Um dos primeiros e principais objetos de estudo do pesquisador foram a vida e a obra de Patativa do Assaré, nome que intitulou pelo menos seis livros escritos pelo pesquisador: Patativa do Assaré (2000), Cordel canta Patativa (2002), Patativa do Assaré: um poeta cidadão (2008), Patativa do Assaré: o sertão dentro de mim (2010), Antologia poética de Patativa do Assaré (2010) e Cem Patativa (2010).
Fabiano Piúba, aliás, descreve a relação que Gilmar teve com o poeta. “Gilmar se tornava um amigo terno e cuidadoso para a vida inteira de muitos mestres e mestras da cultura que encontrou. Assim ele foi com Patativa do Assaré: um amigo, um cúmplice, um parceiro, um editor, um irmão".
Assim foi também com cada rabequeiro, cordelista, xilogravurista, violeiro, aboiador, louceira, artesão e brincante do reisado, do maracatu, do pastoril, do coco.

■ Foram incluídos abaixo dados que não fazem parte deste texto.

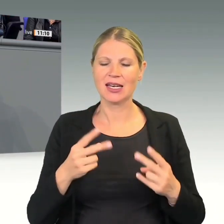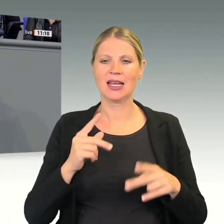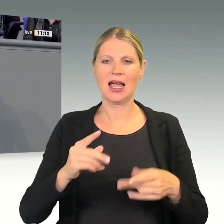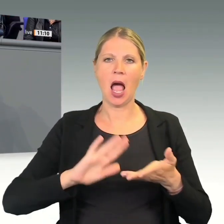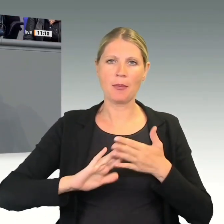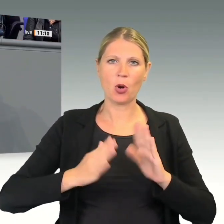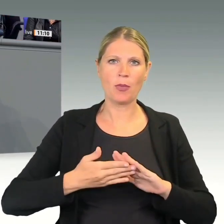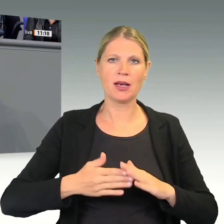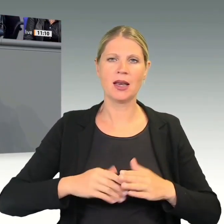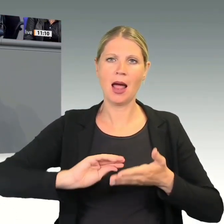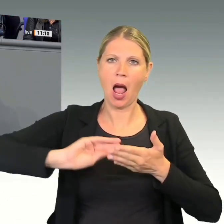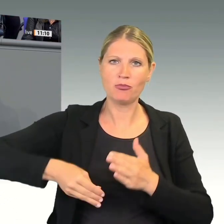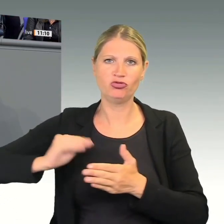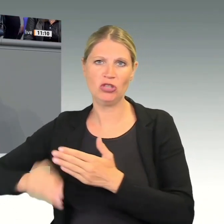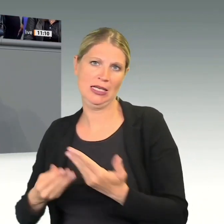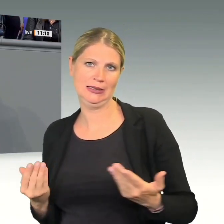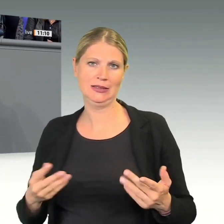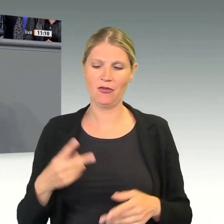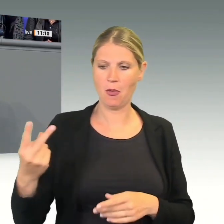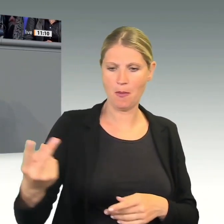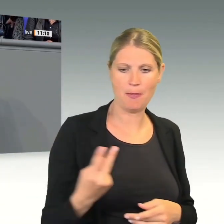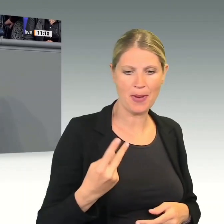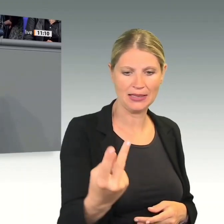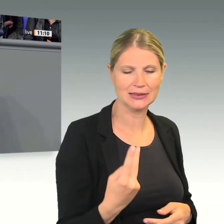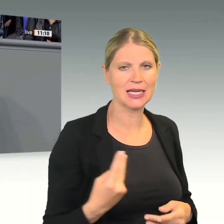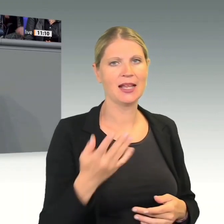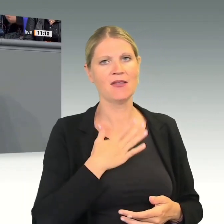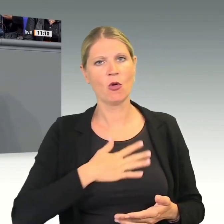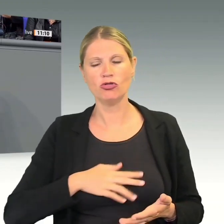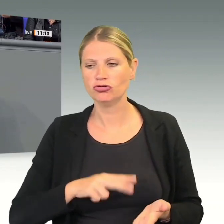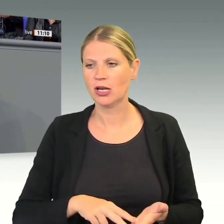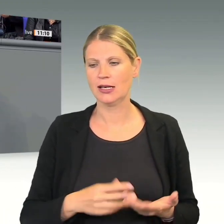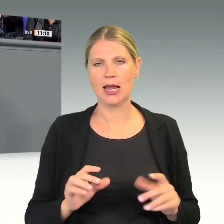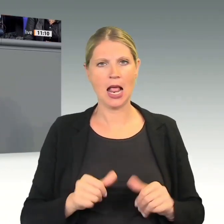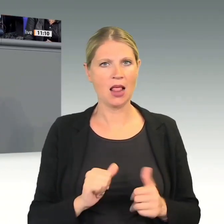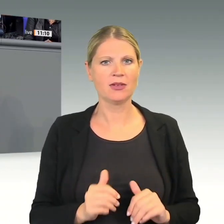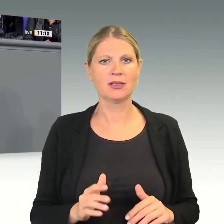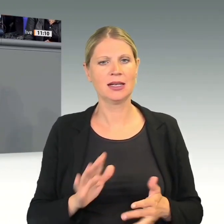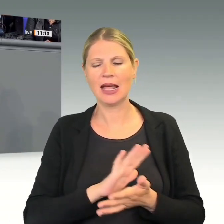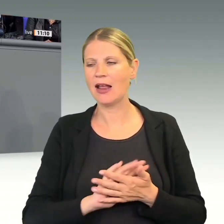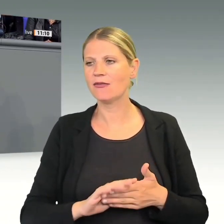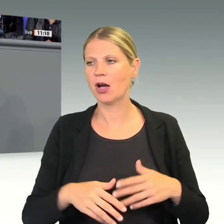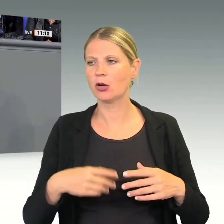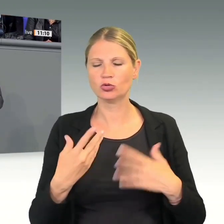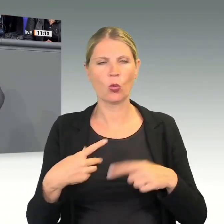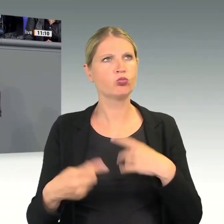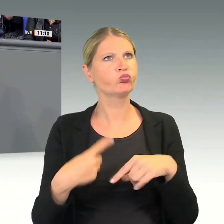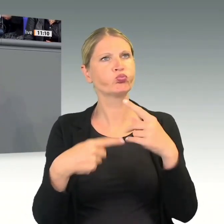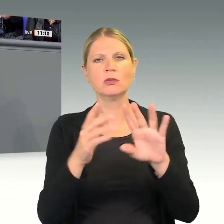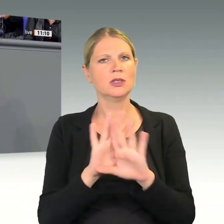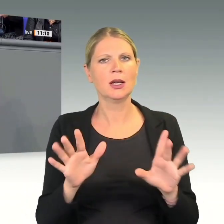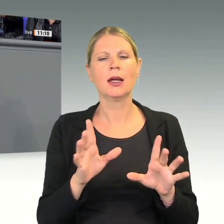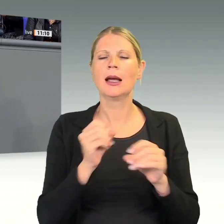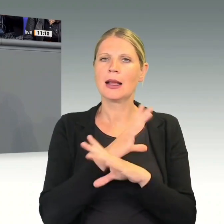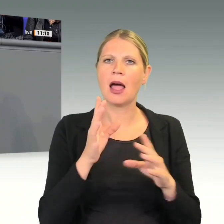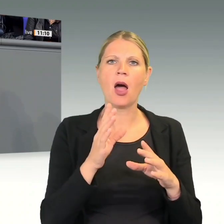Wohlstand und Wachstum auf beiden Seiten des Atlantiks bringt, dass Wohlstand und Wachstum nicht Feind von, sondern Voraussetzung für mehr Umwelt-

A publicidade, as artes, a musicalidade, a poesia, a xilogravura, a culinária e todo o universo que compõe quem e o que é o Ceará foi estudado descrito por Gilmar de Carvalho. A própria vida do sobralense, nascido em 1949, se confunde com as raízes de um estado que, hoje, fica mais triste e mais pobre com a partida dele.